Confirm that the file has been uploaded (via HTTP PUT to the upload_url from transcribe or summarize) and start processing. Verifies that the file is present in storage and that the job has been paid. Returns status "processing". Poll get_job_status to track progress and retrieve download URLs when done.
Check the status of a transcribe or summarize job. Returns the current state and, when completed, an `outputs` array. Each output has either `content` (returned inline) or a presigned, time-limited (1 hour) `download_url`. Small text outputs (e.g. `transcript` SRT, `clip-candidates`, `summary`) come inline as `content`; larger outputs — `transcript-words` JSON for any non-trivial recording, plus video outputs like `clip-video` / `clip-vertical-video` — come as a `download_url` to fetch when needed. Optionally pass `format` (srt, txt, vtt, json, words) to get the transcript content inline in the top-level `transcript` field — `txt` and `vtt` are derived from the stored SRT; `json` is v1 (segments only); `words` is v2 (segments + per-word timestamps matching /.well-known/weftly-transcript-v2.schema.json). Poll this periodically after calling complete_upload — wait at least 60 seconds between checks. For files under 10 minutes, jobs usually complete within 1-2 minutes. For long files (1hr+), expect 10-30 minutes.
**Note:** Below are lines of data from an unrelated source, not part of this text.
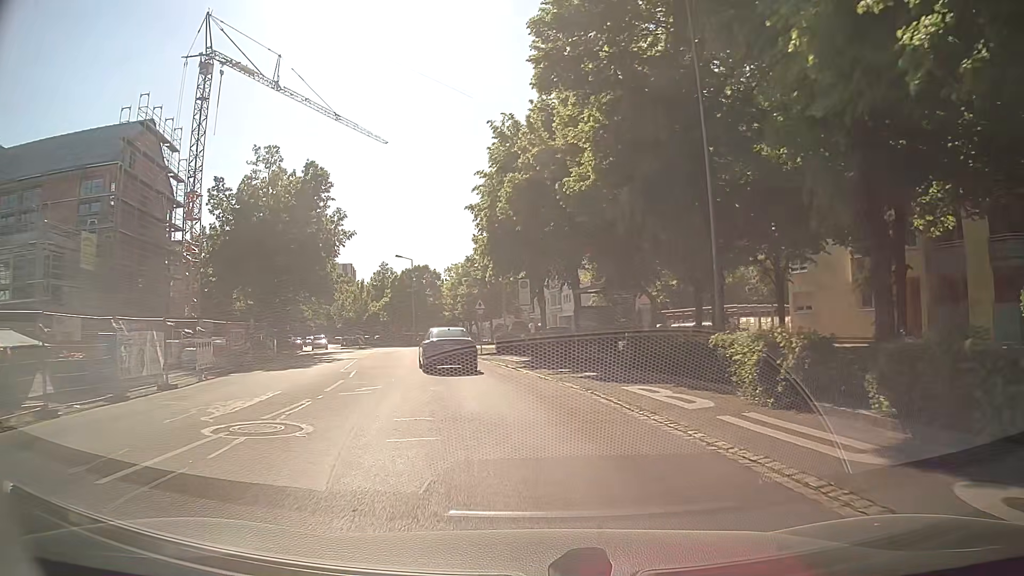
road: residential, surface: asphalt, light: Day
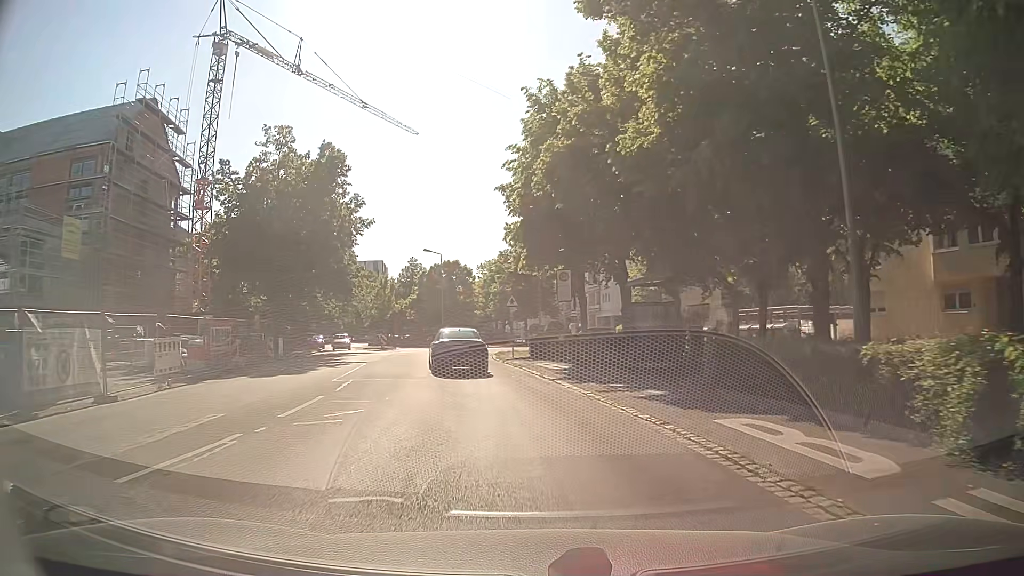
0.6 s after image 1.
(-0.1, +4.9) m; -4°
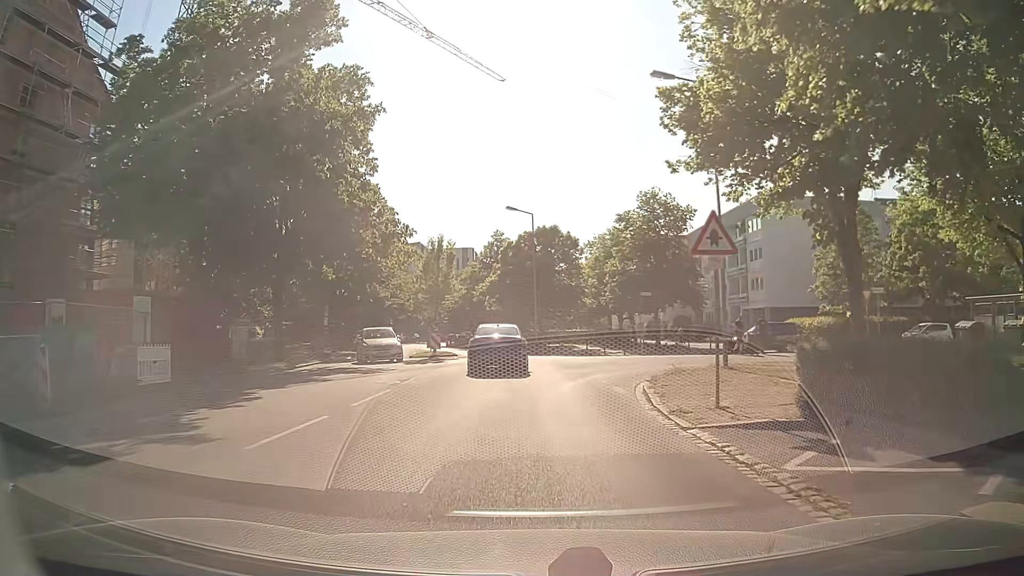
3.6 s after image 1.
(-1.8, +21.9) m; -8°
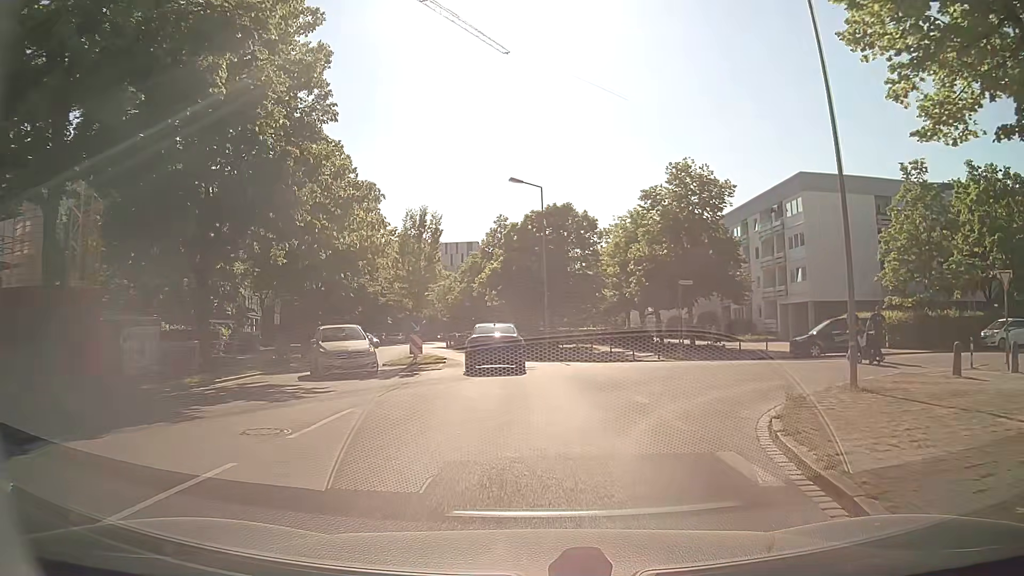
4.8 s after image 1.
(0.0, +8.3) m; 0°
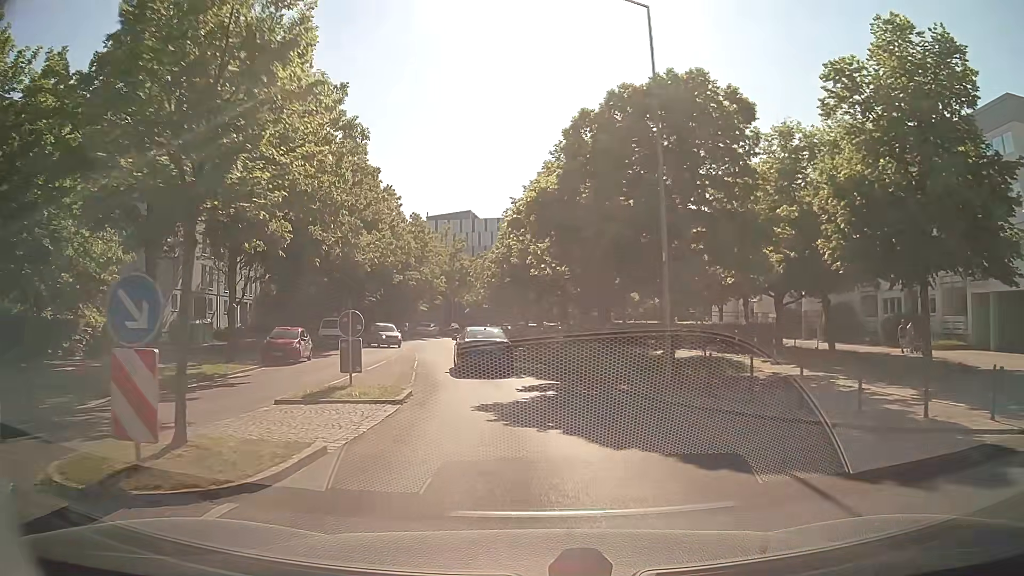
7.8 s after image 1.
(-0.9, +21.6) m; -6°
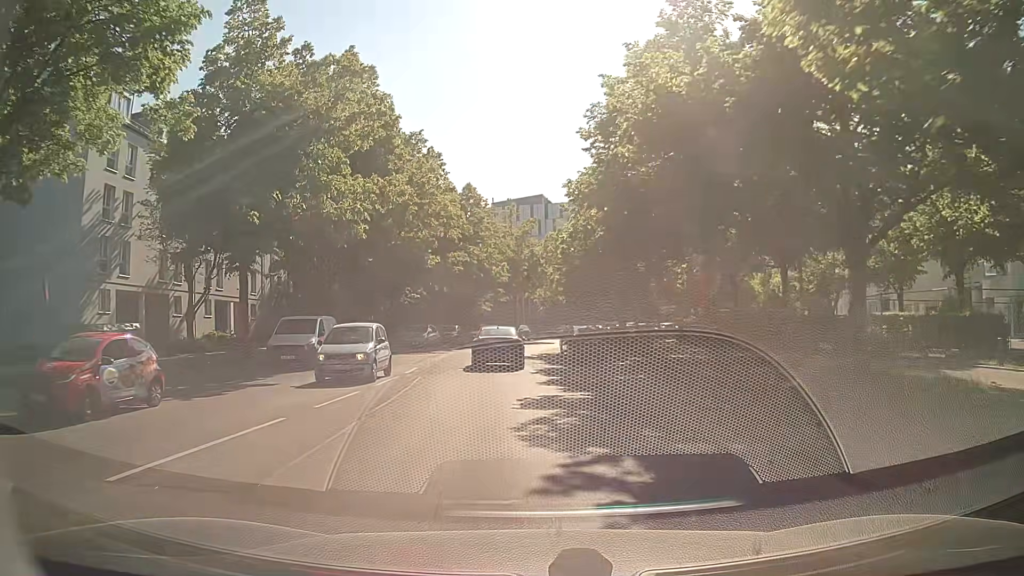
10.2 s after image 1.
(-0.8, +18.0) m; -6°
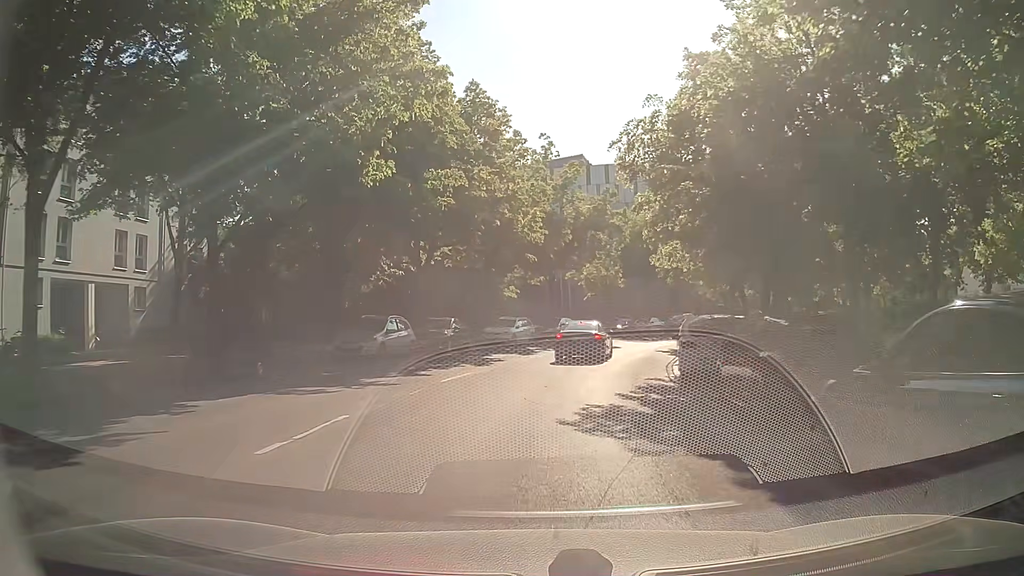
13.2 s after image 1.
(-1.4, +22.7) m; -3°
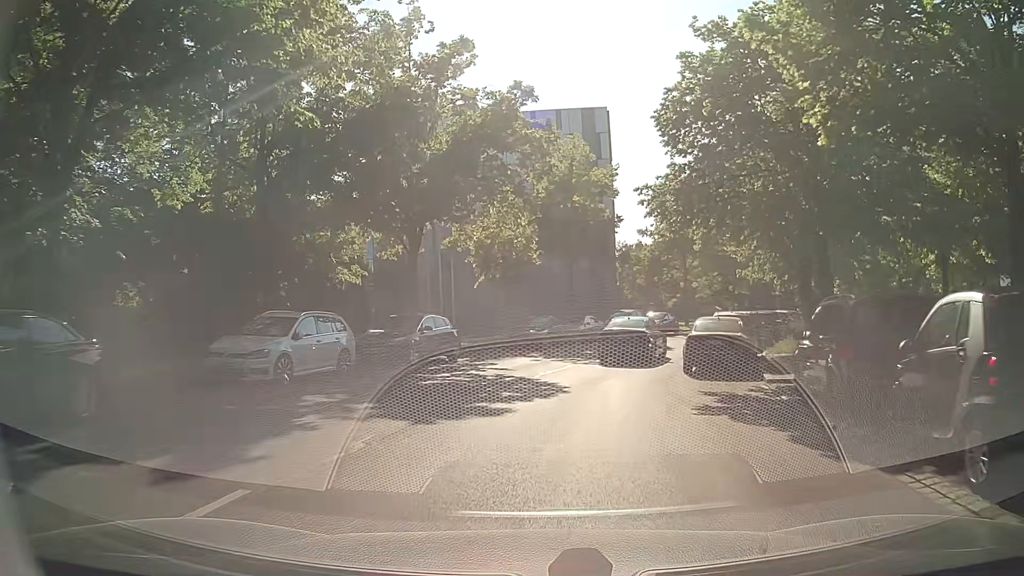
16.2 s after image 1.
(+1.4, +21.9) m; +9°
(0, +10) (+2, +20) (+5, +29) (+10, +38) (+16, +46) (+24, +53) (+31, +59) (+40, +65) (+48, +70) (+57, +74) m

Also use this to recover from lost state: if the original challenge was lost, call get_job_status(job_id) to retrieve a fresh challenge (status "awaiting_payment") or the upload URL (status "awaiting_upload").
Smoke-test the MPP payment plumbing end-to-end via this MCP server, for $0.01 USDC. Two-call flow: (1) call with no arguments to receive an MPP `payment_challenge`; (2) pay via MPP and call again with `payment_credential` set to the resulting Authorization header value (e.g. "Payment eyJ...") to receive {paid: true, timestamp, receipt_ref, payment_method}. Uses the exact same `createPayToAddress` + `createMppHandler` verification path as paid product tools (transcribe, summarize), so a green run here means real paid calls will work too. Stateless — no job is created, no database row written. Use this whenever you want to confirm a wallet, the MCP transport, the worker, and the production payment middleware are all healthy without paying a transcribe price. Cost: $0.01 USDC per attempt.
Publish an existing video from a transcribe or summarize job to YouTube. Creates a paid publish job (flat $2.00 price) and stores the OAuth token. Captions are auto-generated from the session transcript if available. Workflow: create_job → pay → trigger_youtube_publish → poll get_youtube_publish_status. Requires a YouTube OAuth2 access token obtained independently via Google OAuth (scope: youtube.upload).
Start the YouTube upload after payment is confirmed. Call this after publish_to_youtube once payment_status is "paid". Returns immediately — the upload runs as a durable Workflow in the background. Poll get_youtube_publish_status to track progress.
Check the status of a YouTube publish job. Poll periodically after trigger_youtube_publish — the upload takes 1-10 minutes depending on video size. Returns status (pending, publishing, completed, failed) and the youtube_video_url once complete.